Find top category by video time spent
Company: Pinterest
Role: Data Scientist
Category: Data Manipulation (SQL/Python)
Difficulty: Medium
Interview Round: Technical Screen
Pandas required. You are given a DataFrame df with columns: user_id (int), pin_id (int), pin_type (str), category (str or None), time_spent_sec (numeric). Goal: among video pins, find the canonical category with the highest average time_spent_sec. Requirements:
- Consider pin_type values case-insensitively and treat 'vedio' as 'video' (data quality issue).
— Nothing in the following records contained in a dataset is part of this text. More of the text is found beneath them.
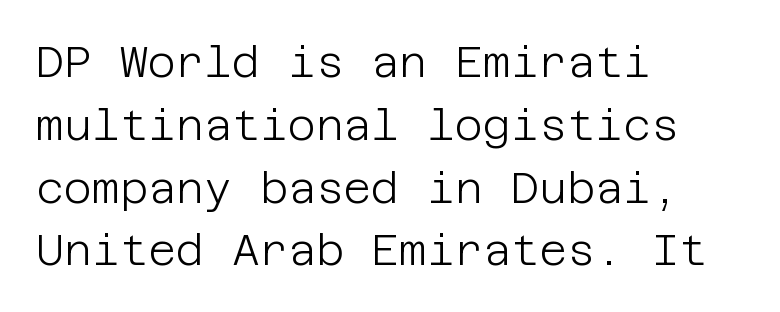
Q: Is the text bold? A: No.
Q: Is the text italic (slanted)? A: No, it is upright.
Q: Is the typeface a serif or a sans-serif typeface? A: Sans-serif.
Q: Is the text underlined? A: No.
Q: How is the paragraph aligned? A: Left-aligned.
Q: Is the spacing between letters normal or unusually wide? A: Normal.
Q: Is the spacing between lines tight, normal or loose? A: Normal.
Q: Width (condensed, normal, or wide)? A: Normal.
Q: Stroke contrast? A: Low.
Q: x-height? A: Large.
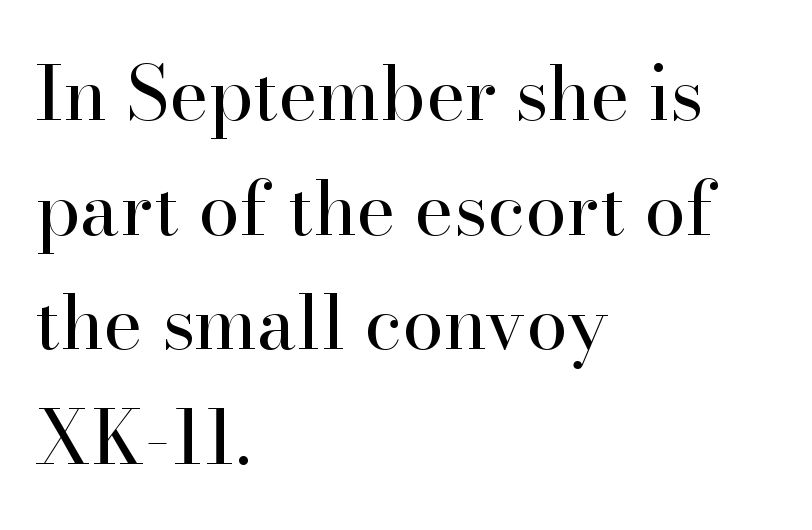
Italic: no, the glyphs are upright roman. The lines are quadded left. Examine the stroke ends and you'll spot serifs. The face looks like a standard text weight, possibly lighter. This sample uses plain, unmodified letter spacing. Each new line begins a customary step beneath the previous one.
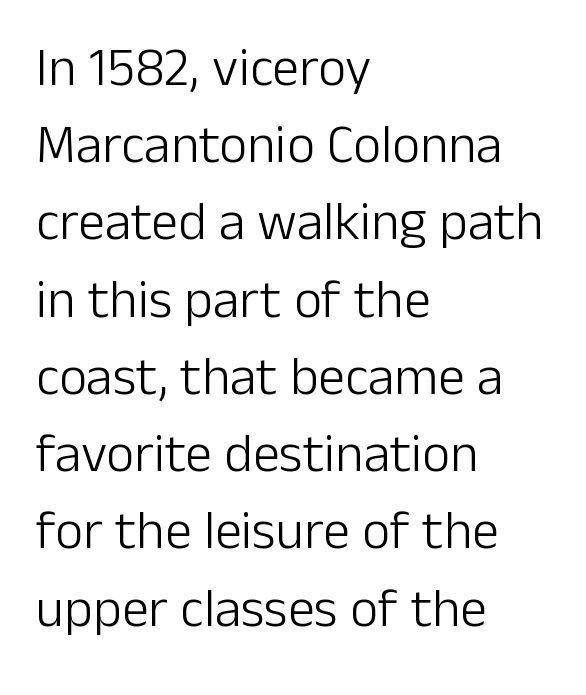
{"serif": "no", "italic": "no", "bold": "no", "weight": "light", "width": "normal", "stroke_contrast": "low", "x_height": "medium", "monospaced": "no", "underline": "no", "align": "left", "line_spacing": "normal", "line_spacing_ratio": 1.43, "letter_spacing": "normal", "letter_spacing_em": 0.0, "glyph_px": 54}
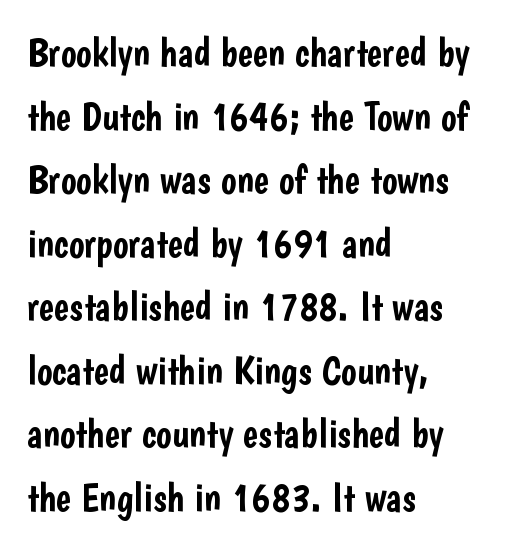
Unlike italic type, these characters show no tilt at all. Here the designer chose a conventional face with non-uniform glyph widths. Compared with a centered layout, this one pins lines to the left instead. Type without underlining. Rows of type keep a routine distance in the vertical direction.
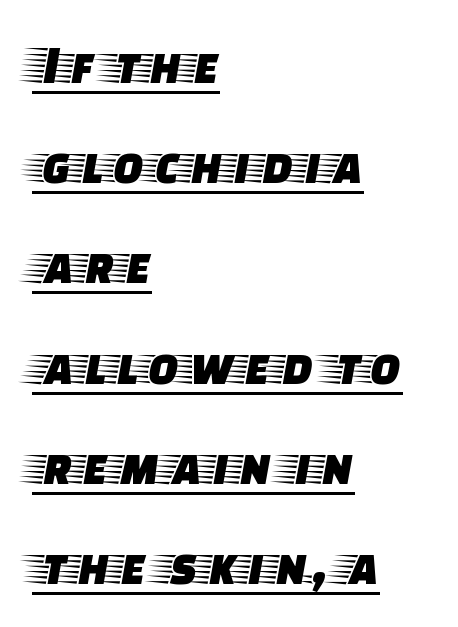
The rag falls on the right side of this text block. The line texture is even and compact thanks to regular tracking. The type family on display is of the serif kind. The letters advance in unequal steps, a hallmark of proportional type.
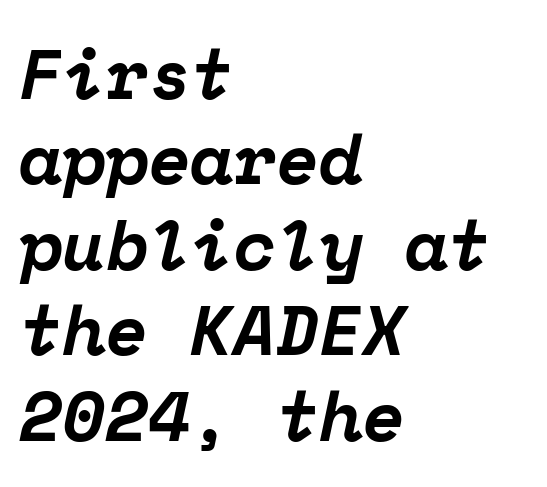
{"serif": "yes", "italic": "yes", "lean": "right", "slant_degrees": 12, "bold": "yes", "weight": "bold", "width": "normal", "stroke_contrast": "low", "x_height": "medium", "monospaced": "yes", "underline": "no", "align": "left", "line_spacing_ratio": 1.22, "letter_spacing": "normal", "letter_spacing_em": 0.0, "glyph_px": 70}
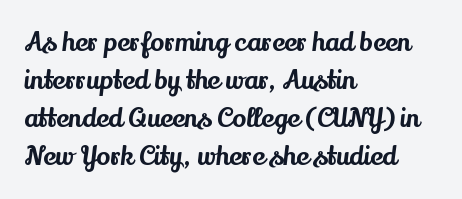
The image shows 26 px text type; set left-aligned, normal line spacing (1.46x), normal letter spacing, not underlined.
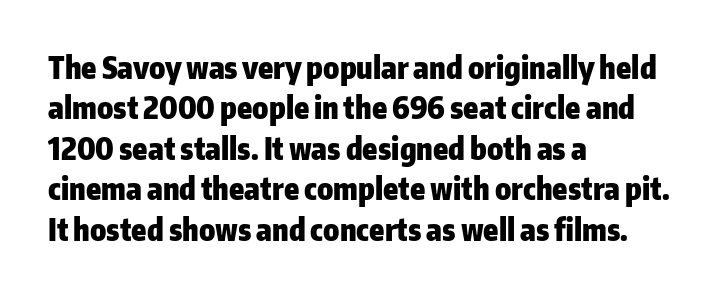
The image shows 30 px heavy sans-serif type, upright; set left-aligned, normal line spacing (1.35x), normal letter spacing, not underlined; low stroke contrast and a medium x-height.

- Normalize category by lowercasing and stripping whitespace, then map via category_map; if a key is missing after normalization or category is null/empty, map to 'unknown'.
- Exclude rows where time_spent_sec is null or non-positive.
- Return a two-field result: top_category (str), avg_time_spent_sec (float, rounded to 2 decimals).
Example inputs
category_map = {
'home': 'lifestyle',
'food & drink': 'food',
'recipe': 'food',
'travel': 'travel'
}
df (illustrative rows)
user_id | pin_id | pin_type | category | time_spent_sec
1 | 10 | 'video' | 'Food & Drink' | 120
2 | 11 | 'video' | None | 200
3 | 12 | 'static' | 'Home' | 90
4 | 13 | 'video' | 'Recipe' | 240
5 | 14 | 'video' | 'DIY' | 180
6 | 15 | 'vedio' | 'food & drink ' | 60
What is the top_category and its average time among video pins after mapping and cleaning?
Quick Answer: This question evaluates proficiency in pandas-based data manipulation and aggregation, testing competencies in data cleaning, normalization, mapping, filtering, and computing summary statistics.